[Provided data Boundary: Start]
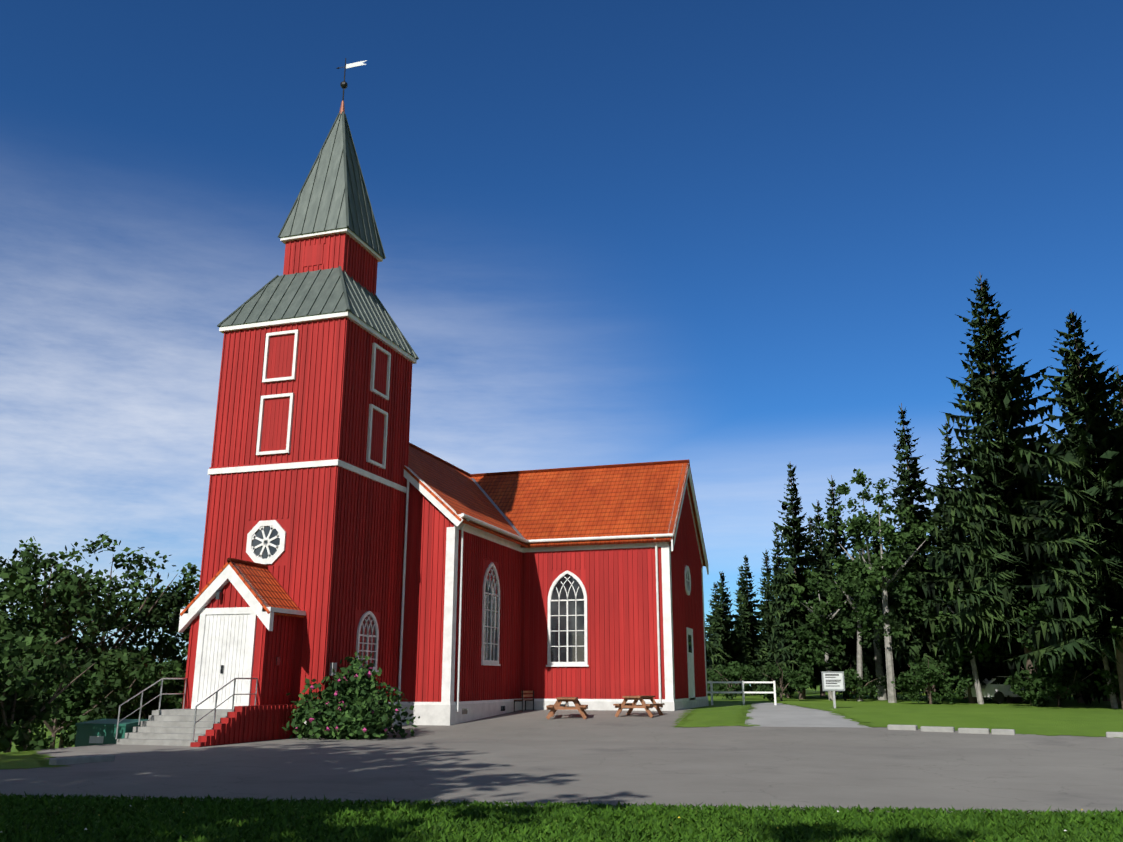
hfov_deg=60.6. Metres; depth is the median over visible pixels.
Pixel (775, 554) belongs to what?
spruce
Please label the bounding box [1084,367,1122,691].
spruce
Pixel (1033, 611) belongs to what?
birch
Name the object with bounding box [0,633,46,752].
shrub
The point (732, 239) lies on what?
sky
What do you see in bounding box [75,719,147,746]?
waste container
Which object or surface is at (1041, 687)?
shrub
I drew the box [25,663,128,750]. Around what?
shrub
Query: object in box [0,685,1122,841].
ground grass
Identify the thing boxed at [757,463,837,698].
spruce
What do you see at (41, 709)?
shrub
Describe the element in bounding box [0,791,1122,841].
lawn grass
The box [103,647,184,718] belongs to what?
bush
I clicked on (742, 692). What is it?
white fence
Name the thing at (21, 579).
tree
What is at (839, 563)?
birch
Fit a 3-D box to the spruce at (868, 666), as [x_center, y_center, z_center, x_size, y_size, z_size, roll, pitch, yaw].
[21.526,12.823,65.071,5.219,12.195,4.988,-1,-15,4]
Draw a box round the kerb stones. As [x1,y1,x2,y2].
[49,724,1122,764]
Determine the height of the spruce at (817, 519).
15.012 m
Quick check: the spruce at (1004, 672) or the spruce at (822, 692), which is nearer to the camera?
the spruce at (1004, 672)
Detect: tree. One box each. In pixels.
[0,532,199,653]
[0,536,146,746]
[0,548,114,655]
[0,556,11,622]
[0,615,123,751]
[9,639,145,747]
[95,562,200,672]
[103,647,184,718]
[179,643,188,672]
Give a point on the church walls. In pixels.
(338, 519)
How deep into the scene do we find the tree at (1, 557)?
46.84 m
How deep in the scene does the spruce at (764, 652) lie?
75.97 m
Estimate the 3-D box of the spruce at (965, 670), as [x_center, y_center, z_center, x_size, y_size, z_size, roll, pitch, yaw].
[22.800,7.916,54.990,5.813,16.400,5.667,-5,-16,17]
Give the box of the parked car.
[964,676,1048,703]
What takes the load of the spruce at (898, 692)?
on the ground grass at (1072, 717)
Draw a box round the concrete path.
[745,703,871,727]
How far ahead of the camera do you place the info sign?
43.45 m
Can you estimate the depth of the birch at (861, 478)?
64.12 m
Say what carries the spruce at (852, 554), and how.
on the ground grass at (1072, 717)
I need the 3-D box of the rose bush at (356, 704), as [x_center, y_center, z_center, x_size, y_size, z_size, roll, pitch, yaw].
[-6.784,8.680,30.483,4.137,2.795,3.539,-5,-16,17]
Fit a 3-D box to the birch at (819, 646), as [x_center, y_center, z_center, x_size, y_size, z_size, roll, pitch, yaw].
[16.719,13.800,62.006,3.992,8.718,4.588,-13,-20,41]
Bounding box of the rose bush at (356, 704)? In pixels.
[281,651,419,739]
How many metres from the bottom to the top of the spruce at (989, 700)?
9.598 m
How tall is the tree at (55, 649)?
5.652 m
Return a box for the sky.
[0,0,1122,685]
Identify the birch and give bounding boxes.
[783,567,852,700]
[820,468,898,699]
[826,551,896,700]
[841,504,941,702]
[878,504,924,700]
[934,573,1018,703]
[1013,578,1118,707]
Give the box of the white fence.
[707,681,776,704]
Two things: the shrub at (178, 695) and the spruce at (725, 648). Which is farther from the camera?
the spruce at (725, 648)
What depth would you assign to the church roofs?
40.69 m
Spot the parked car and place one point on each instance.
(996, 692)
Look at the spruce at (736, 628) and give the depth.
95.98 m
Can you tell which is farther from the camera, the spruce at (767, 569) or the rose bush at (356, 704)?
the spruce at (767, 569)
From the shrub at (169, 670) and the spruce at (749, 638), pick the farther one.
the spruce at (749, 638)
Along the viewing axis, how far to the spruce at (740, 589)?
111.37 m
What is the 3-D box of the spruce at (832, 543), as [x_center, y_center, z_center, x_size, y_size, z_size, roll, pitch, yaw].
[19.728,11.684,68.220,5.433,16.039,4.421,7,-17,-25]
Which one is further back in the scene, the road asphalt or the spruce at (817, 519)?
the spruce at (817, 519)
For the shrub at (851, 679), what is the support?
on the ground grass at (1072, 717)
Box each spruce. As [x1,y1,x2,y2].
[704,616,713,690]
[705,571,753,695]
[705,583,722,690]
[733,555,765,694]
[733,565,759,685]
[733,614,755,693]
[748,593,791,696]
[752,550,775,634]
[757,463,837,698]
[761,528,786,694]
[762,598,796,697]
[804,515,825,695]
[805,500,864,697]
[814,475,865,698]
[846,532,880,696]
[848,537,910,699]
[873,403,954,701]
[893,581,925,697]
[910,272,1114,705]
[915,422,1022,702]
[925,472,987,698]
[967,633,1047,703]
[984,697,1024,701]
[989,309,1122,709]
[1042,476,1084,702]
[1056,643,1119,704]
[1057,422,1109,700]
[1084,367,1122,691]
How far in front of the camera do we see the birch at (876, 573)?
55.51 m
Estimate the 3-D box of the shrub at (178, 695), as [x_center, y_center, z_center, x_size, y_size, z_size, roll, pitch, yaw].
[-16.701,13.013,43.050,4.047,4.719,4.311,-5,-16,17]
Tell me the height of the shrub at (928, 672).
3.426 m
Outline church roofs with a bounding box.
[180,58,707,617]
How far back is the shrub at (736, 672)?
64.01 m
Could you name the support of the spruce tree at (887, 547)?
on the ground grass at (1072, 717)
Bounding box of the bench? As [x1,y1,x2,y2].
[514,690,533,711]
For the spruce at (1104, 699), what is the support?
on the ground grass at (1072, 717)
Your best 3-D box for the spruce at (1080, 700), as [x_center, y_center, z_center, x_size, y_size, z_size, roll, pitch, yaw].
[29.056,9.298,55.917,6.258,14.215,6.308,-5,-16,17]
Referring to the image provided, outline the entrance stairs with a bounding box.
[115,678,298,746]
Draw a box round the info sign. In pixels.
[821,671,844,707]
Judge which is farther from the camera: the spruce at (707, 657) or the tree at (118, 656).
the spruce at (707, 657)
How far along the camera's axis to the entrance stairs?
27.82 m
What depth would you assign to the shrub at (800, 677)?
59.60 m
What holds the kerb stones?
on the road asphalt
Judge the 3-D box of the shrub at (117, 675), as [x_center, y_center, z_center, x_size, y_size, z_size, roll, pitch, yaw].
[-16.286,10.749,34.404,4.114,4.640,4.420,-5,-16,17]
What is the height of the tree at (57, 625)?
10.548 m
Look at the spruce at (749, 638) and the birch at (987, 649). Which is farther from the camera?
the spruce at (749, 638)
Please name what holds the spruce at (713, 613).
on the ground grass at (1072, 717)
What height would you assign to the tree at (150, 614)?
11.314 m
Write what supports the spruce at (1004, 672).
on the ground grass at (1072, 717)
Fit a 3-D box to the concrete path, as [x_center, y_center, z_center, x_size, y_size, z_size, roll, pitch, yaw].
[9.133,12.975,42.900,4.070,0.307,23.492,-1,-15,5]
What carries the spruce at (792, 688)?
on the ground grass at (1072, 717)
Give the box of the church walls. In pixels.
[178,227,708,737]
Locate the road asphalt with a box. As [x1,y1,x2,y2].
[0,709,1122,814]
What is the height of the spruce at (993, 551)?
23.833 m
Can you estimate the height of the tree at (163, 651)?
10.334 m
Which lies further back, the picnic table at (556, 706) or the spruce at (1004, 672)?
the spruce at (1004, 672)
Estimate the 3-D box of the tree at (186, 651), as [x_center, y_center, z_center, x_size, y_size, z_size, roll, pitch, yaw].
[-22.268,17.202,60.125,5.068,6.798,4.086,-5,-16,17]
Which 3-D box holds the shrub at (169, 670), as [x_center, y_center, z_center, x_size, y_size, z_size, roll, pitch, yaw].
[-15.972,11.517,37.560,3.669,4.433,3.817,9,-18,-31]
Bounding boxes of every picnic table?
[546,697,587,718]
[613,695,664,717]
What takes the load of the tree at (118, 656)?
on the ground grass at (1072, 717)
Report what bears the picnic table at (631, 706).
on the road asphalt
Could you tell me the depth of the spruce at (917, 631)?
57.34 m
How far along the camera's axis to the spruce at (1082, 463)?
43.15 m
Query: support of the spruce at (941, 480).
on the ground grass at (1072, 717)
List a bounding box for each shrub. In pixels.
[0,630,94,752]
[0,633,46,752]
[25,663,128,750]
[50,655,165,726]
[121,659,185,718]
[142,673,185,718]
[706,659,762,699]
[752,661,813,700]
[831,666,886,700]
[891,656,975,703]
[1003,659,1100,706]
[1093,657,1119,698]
[Provided data Boundary: End]
[Provided data Boundary: Start]
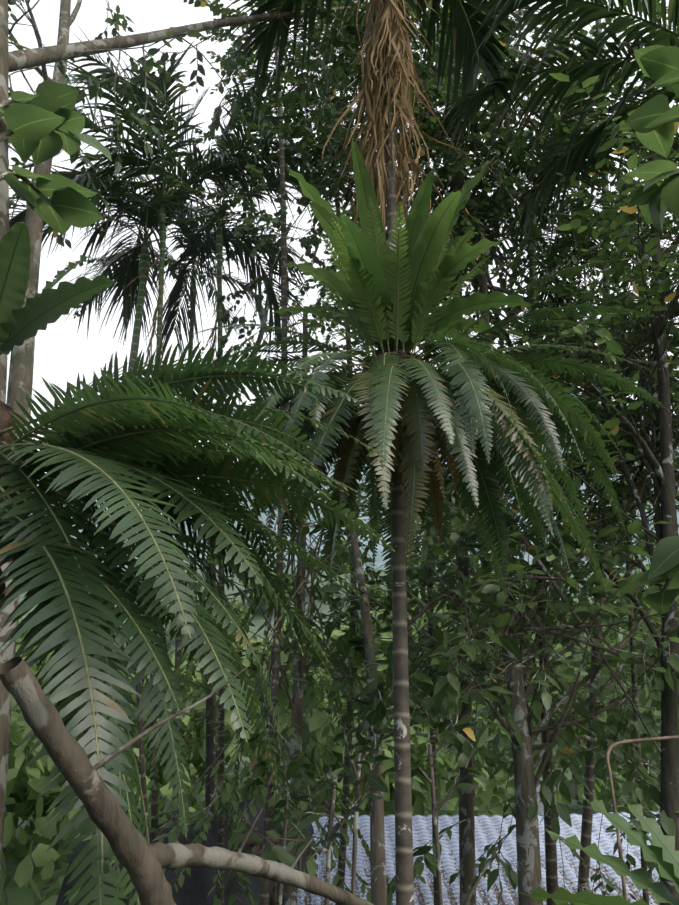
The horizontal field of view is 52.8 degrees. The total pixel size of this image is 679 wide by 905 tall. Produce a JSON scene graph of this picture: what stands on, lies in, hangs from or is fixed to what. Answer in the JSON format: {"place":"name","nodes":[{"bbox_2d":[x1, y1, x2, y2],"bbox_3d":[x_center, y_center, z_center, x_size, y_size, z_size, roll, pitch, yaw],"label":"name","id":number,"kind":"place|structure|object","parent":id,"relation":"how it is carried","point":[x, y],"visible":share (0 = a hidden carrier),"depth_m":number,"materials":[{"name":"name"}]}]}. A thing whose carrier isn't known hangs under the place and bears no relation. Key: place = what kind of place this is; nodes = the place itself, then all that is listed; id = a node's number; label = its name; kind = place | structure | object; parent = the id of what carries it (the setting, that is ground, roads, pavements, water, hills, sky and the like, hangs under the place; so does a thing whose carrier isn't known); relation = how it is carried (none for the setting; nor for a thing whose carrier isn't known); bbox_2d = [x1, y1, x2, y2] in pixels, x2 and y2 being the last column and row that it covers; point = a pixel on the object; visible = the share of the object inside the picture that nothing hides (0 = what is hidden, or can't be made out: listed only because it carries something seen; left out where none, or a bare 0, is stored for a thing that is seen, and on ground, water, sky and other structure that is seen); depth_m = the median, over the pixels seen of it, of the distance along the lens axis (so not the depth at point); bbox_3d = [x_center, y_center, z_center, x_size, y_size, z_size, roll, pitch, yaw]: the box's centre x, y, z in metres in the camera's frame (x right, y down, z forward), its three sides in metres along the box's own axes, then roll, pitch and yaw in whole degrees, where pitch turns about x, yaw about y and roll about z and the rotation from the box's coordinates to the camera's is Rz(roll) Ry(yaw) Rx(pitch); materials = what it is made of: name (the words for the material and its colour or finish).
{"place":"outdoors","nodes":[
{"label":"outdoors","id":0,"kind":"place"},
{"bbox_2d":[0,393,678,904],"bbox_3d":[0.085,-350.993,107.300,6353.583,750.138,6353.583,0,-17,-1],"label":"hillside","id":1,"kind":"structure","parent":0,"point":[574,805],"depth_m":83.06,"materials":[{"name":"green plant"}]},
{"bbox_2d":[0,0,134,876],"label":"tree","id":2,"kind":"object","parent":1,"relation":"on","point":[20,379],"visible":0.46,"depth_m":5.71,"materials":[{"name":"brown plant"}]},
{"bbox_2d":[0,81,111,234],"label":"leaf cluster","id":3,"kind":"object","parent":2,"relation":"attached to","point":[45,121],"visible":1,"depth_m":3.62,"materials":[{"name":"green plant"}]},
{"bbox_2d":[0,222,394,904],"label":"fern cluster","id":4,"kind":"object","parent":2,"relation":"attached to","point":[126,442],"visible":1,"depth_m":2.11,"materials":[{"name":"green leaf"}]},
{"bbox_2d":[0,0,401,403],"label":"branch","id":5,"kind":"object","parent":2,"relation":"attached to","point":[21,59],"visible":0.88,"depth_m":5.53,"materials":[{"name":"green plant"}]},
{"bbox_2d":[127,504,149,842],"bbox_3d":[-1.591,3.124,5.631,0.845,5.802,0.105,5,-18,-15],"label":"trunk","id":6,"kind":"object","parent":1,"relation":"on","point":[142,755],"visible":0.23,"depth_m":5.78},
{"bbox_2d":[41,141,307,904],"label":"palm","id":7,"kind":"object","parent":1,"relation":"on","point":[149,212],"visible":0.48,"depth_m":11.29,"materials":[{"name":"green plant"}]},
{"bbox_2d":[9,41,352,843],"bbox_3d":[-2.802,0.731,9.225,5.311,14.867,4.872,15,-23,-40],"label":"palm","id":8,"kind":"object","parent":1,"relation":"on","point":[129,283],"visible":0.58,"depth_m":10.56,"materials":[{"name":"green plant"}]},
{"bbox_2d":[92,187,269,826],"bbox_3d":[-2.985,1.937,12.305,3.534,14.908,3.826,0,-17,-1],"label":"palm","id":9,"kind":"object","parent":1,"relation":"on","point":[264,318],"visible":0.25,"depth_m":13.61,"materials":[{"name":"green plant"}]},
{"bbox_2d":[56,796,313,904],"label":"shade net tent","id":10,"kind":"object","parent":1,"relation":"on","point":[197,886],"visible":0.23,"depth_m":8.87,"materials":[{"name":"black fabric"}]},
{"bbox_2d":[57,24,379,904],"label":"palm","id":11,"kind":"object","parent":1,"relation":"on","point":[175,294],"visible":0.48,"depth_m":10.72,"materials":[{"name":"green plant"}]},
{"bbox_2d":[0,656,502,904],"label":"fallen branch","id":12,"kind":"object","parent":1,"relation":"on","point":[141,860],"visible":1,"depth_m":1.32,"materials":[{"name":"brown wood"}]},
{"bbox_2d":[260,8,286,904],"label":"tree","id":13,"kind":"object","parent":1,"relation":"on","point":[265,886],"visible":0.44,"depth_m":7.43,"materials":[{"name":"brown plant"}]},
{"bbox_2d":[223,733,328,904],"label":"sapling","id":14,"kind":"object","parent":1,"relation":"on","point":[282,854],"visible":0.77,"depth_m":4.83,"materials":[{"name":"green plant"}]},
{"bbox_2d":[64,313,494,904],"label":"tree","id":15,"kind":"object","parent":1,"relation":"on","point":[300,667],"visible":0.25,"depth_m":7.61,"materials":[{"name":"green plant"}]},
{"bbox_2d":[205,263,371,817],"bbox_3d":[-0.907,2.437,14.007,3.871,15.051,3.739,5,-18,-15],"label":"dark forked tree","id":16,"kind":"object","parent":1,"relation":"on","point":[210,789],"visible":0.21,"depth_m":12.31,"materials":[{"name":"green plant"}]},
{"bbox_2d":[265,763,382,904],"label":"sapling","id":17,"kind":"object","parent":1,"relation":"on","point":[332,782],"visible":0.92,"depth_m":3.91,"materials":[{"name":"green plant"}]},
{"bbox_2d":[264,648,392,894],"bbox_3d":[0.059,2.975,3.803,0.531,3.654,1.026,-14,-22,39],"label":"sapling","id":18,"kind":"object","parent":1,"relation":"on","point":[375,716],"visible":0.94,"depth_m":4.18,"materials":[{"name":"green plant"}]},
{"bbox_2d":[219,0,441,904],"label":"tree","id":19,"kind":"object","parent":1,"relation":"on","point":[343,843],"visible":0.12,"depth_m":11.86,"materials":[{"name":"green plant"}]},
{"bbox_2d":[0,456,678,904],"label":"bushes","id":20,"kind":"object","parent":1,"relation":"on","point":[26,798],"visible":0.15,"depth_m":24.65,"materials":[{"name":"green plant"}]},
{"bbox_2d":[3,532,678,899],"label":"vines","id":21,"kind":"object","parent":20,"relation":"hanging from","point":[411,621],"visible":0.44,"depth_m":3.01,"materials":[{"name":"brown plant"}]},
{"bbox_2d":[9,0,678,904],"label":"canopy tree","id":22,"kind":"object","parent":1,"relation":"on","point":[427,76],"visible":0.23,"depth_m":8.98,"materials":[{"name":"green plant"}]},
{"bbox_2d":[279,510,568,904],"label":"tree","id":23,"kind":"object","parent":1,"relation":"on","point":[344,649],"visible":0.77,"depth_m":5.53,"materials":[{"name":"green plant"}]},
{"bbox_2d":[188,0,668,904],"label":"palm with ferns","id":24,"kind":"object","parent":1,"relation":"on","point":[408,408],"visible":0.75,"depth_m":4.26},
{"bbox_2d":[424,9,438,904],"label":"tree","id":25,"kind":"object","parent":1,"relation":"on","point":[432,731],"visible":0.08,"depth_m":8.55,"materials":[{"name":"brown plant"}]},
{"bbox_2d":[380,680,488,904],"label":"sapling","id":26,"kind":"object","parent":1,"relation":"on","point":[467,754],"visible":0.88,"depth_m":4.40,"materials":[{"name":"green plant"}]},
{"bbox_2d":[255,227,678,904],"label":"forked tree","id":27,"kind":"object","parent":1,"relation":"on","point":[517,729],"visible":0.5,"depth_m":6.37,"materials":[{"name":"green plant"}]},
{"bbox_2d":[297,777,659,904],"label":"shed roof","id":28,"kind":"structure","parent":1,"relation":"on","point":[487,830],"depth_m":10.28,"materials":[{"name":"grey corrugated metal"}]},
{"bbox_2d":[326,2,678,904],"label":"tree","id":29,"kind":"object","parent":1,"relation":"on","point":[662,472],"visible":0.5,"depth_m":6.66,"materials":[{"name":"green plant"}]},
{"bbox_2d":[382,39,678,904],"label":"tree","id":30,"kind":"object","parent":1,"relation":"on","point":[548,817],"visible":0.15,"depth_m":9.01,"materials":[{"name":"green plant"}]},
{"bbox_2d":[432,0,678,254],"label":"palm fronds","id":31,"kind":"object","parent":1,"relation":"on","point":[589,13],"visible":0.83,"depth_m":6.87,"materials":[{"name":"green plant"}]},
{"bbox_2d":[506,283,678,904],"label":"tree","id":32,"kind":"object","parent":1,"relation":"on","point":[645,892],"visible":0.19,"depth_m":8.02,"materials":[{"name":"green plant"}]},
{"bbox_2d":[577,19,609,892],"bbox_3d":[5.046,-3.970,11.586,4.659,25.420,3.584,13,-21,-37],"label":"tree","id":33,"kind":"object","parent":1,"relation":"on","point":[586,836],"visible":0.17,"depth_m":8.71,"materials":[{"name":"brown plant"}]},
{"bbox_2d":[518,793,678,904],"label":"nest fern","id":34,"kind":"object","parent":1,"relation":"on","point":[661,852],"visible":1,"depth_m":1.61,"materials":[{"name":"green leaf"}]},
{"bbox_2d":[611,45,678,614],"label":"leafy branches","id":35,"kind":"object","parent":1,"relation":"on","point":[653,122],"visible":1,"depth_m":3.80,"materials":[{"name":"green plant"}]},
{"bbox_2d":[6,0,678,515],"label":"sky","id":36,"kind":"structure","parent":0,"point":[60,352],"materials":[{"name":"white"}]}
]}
[Provided data Boundary: End]
→ **Exercise directions**: Would you retype the lines above from the one with "Give a point on the church walls. In pixels." down to the one with "Fit a 3-D box to the birch", word for word, both ends included and no other lines?

→ **Problem solution**:
Give a point on the church walls. In pixels.
(338, 519)
How deep into the scene do we find the tree at (1, 557)?
46.84 m
How deep in the scene does the spruce at (764, 652) lie?
75.97 m
Estimate the 3-D box of the spruce at (965, 670), as [x_center, y_center, z_center, x_size, y_size, z_size, roll, pitch, yaw].
[22.800,7.916,54.990,5.813,16.400,5.667,-5,-16,17]
Give the box of the parked car.
[964,676,1048,703]
What takes the load of the spruce at (898, 692)?
on the ground grass at (1072, 717)
Draw a box round the concrete path.
[745,703,871,727]
How far ahead of the camera do you place the info sign?
43.45 m
Can you estimate the depth of the birch at (861, 478)?
64.12 m
Say what carries the spruce at (852, 554), and how.
on the ground grass at (1072, 717)
I need the 3-D box of the rose bush at (356, 704), as [x_center, y_center, z_center, x_size, y_size, z_size, roll, pitch, yaw].
[-6.784,8.680,30.483,4.137,2.795,3.539,-5,-16,17]
Fit a 3-D box to the birch at (819, 646), as [x_center, y_center, z_center, x_size, y_size, z_size, roll, pitch, yaw].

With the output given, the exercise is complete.